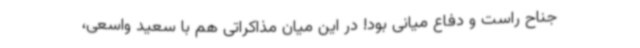
جناح راست و دفاع میانی بود! در این میان مذاکراتی هم با سعید واسعی،
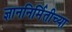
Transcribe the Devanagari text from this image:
ज्ञाननिर्मितीच्या
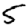
Digit: 5
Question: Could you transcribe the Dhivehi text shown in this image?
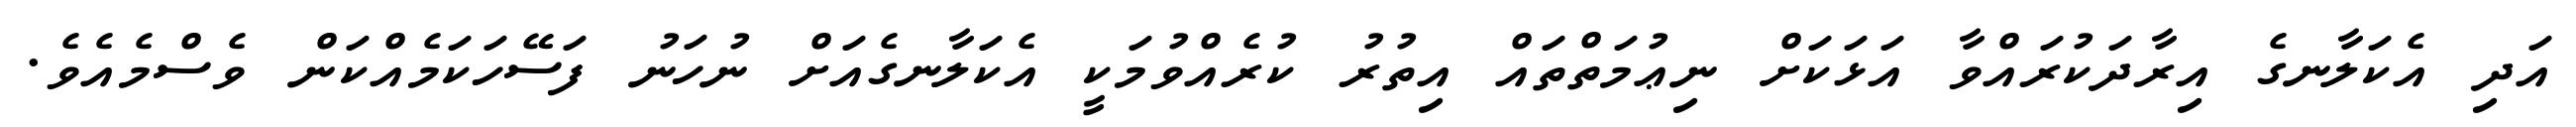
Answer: އަދި އެކަލާނގެ އިރާދަކުރައްވާ އަޅަކަށް ނިޢުމަތްތައް އިތުރު ކުރެއްވުމަކީ އެކަލާނގެއަށް ނުހަނު ފަސޭހަކަމެއްކަން ވެސްމެއެވެ.
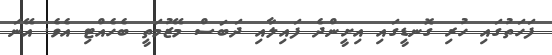
ފަހަތުގައި ހުރި ގޮނޑީގައި އިށީންދެ ފައިލާއި ދަބަސް މޭޒުމަތީ ބެހެއްޓި އެވެ. އޭނަ
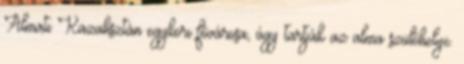
Almati Kazahsztán egykori fővárosa, úgy tartják az alma szülőhelye.
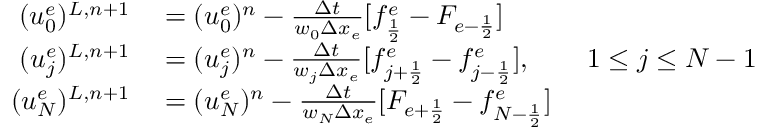
\begin{array} { r l } { ( u _ { 0 } ^ { e } ) ^ { L , n + 1 } } & { { } = ( u _ { 0 } ^ { e } ) ^ { n } - \frac { \Delta t } { w _ { 0 } \Delta x _ { e } } [ f _ { \frac { 1 } { 2 } } ^ { e } - F _ { e - \frac { 1 } { 2 } } ] } \\ { ( u _ { j } ^ { e } ) ^ { L , n + 1 } } & { { } = ( u _ { j } ^ { e } ) ^ { n } - \frac { \Delta t } { w _ { j } \Delta x _ { e } } [ f _ { j + \frac 1 2 } ^ { e } - f _ { j - \frac 1 2 } ^ { e } ] , \qquad 1 \le j \le N - 1 } \\ { ( u _ { N } ^ { e } ) ^ { L , n + 1 } } & { { } = ( u _ { N } ^ { e } ) ^ { n } - \frac { \Delta t } { w _ { N } \Delta x _ { e } } [ F _ { e + \frac { 1 } { 2 } } - f _ { N - \frac { 1 } { 2 } } ^ { e } ] } \end{array}
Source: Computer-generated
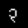
Digit: ၃ (3)
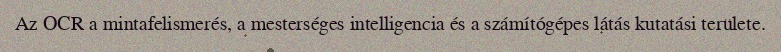
Az OCR a mintafelismerés, a mesterséges intelligencia és a számítógépes látás kutatási területe.
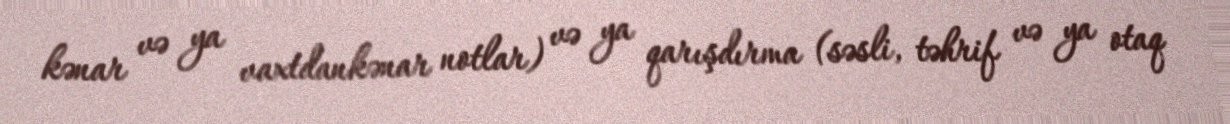
kənar və ya vaxtdankənar notlar) və ya qarışdırma (səsli, təhrif və ya otaq
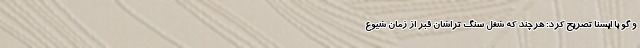
و گو با ایسنا تصریح کرد: هرچند که شغل سنگ تراشان قبر از زمان شیوع
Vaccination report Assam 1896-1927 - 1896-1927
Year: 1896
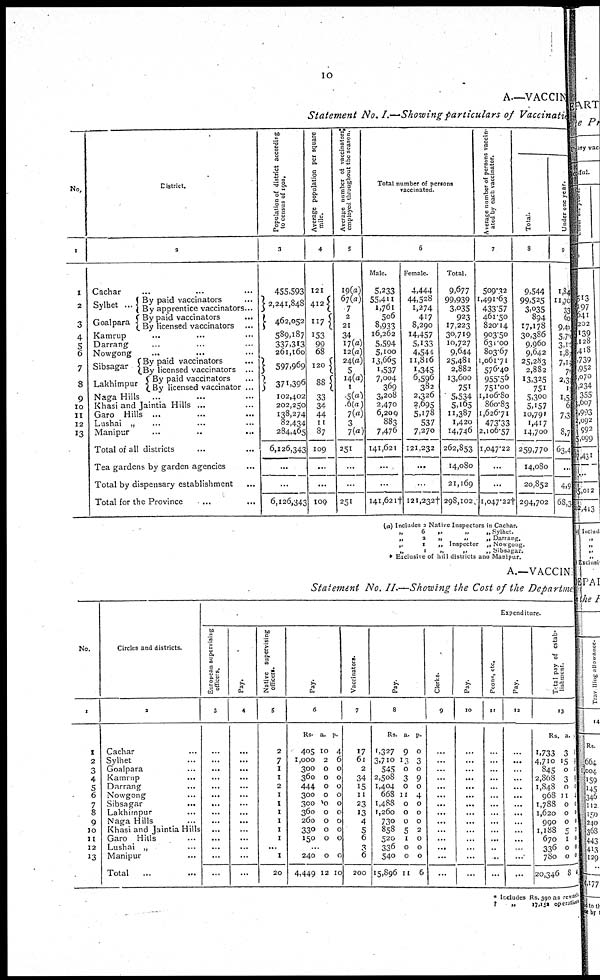
10
A—VACCINE
Statement No. I.—Showing particulars of Vaccination
No.
1
1
2
3
4
5
6
7
8
9
10
11
12
13
District.
2
Cachar...
...
...
...
Sylhet ...
Goalpara
By paid vaccinators ...
By apprentice vaccinators...
By paid vaccinators...
By licensed vaccinators
...
Kamrup... ... ...
Darrang... ... ...
Nowgong... ... ...
Sibsagar
Lakhimpur
By paid vaccinators...
By licensed vaccinators...
By paid vaccinators...
By licensed vaccinator ...
Naga Hills... ... ...
Khasi and Jaintia Hills...
Garo Hills ... ... ...
Lushai „ ... ... ...
Manipur... ... ...
Total of all districts... ... ...
Tea gardens by garden agencies... ...
Total by dispensary establishment...
Total for the Province... ...
Population of district according
to census of 1901.
3
455,593
2,241,848
462,052
589,187
337,313
261,160
597,969
371,396
102,402
202,250
138,274
82,434
284,465
6,126,343
...
...
6,126,343
Average population per square
mile.
4
121
412
117
153
99
68
120
88
33
34
44
11
87
109
...
...
109
Average number of vaccinators
employed throughout the season.
5
19(a)
67(a)
7
2
21
34
17(a)
12(a)
24(a)
5
14(a)
1
5(a)
6(a)
7(a)
3
7(a)
251
...
...
251
Total number of persons
vaccinated.
6
Male.
5,233
55,411
1,761
506
8,933
16,262
5,594
5,100
13,665
1,537
7,004
369
3,208
2,470
6,209
883
7,476
141,621
...
...
141,621†
Female.
4,444
44,528
1,274
417
8,290
14,457
5,133
4,544
11,816
1,345
6,596
382
2,326
2,695
5,178
537
7,270
121,232
...
...
121,232†
Total.
9,677
99,939
3,035
923
17,223
30,719
10,727
9,644
25,481
2,882
13,600
751
5,534
5,165
11,387
1,420
14,746
262,853
14,080
21,169
298,102
Average number of persons vaccin-
ated by each vaccinator.
7
509.32
1,491.63
433.57
461.50
820.14
903.50
631.00
803.67
1,061.71
576.40
955.56
751.00
1,106.80
860.83
1,626.71
473.33
2,106.57
1,047.22
...
...
1,047.22†
Total.
8
9,544
99,525
3,035
894
17,178
30,386
9,960
9,642
25,283
2,882
13,325
751
5,300
5,157
10,791
1,417
14,700
259,770
14,080
20,852
294,702
Under one year.
9
1,84
11,70
33
60
9,40
5,7
3,10
1,8
7,1
7
2,3
1
1,5
6
7,3
8,7
63,4
...
4,9
68,3
(a) Includes 2 Native Inspectors in Cachar.
„
6
„
„
„Sylhet.
„
2
„
„
„ Darrang.
„
1
„ Inspector „ Nowgong.
„
1
„
„
„ Sibsagar.
* Exclusive of hill districts and Manipur.
A.—VACCINE
Statement No. II.—Showing the Cost of the Department
No.
1
1
2
3
4
5
6
7
8
9
10
11
12
13
Circles and districts.
2
Cachar...
Sylhet...
Goalpara...
Kamrup...
Darrang...
Nowgong...
Sibsagar...
Lakhimpur...
Naga Hills...
khasi and Jaintia Hills
Garo Hills...
Lushai „ ...
Manipur„ ...
Total...
Expenditure.
European supervising
officers.
3
...
...
...
...
...
...
...
...
...
...
...
...
...
...
Pay.
4
...
...
...
...
...
...
...
...
...
...
...
...
...
...
Native supervising
officers.
5
2
7
1
1
2
1
1
1
1
1
1
...
1
20
Pay.
6
Rs.
405
1,000
300
360
444
300
300
360
260
330
150
a.
10
2
0
0
0
0
0
0
0
0
0
p.
4
6
0
0
0
0
0
0
0
0
0
...
240
4,449
0
12
0
10
Vaccinators.
7
17
61
2
34
15
11
23
13
4
5
6
3
6
200
Pay.
8
Rs.
1,327
3,710
545
2,508
1,404
668
1,488
1,260
730
858
520
336
540
15,896
a.
9
13
0
3
0
11
0
0
0
5
1
0
0
11
p.
0
3
0
9
0
4
0
0
0
2
0
0
0
6
Clerks.
9
...
...
...
...
...
...
...
...
...
...
...
...
...
...
Pay.
10
...
...
...
...
...
...
...
...
...
...
...
...
...
...
Peons, etc.
11
...
...
...
...
...
...
...
...
...
...
...
..
..
...
Pay.
12
...
...
...
...
...
...
...
...
...
...
...
...
...
...
Total pay of estab-
lishment.
13
Rs.
1,733
4,710
845
2,868
1,848
968
1,788
1,620
990
1,188
670
336
780
20,346
a.
3
15
0
3
0
11
0
0
0
5
1
0
0
8
p.
4
9
0
9
0
4
0
0
0
2
0
0
0
4
* Includes Rs. 390 as rewards
†
„
17,152 operations

··········

▸ Work to complete: Of the lines above, copy each that contains "Showing".

▸ Response area:
Statement No. I.—Showing particulars of Vaccination
Statement No. II.—Showing the Cost of the Department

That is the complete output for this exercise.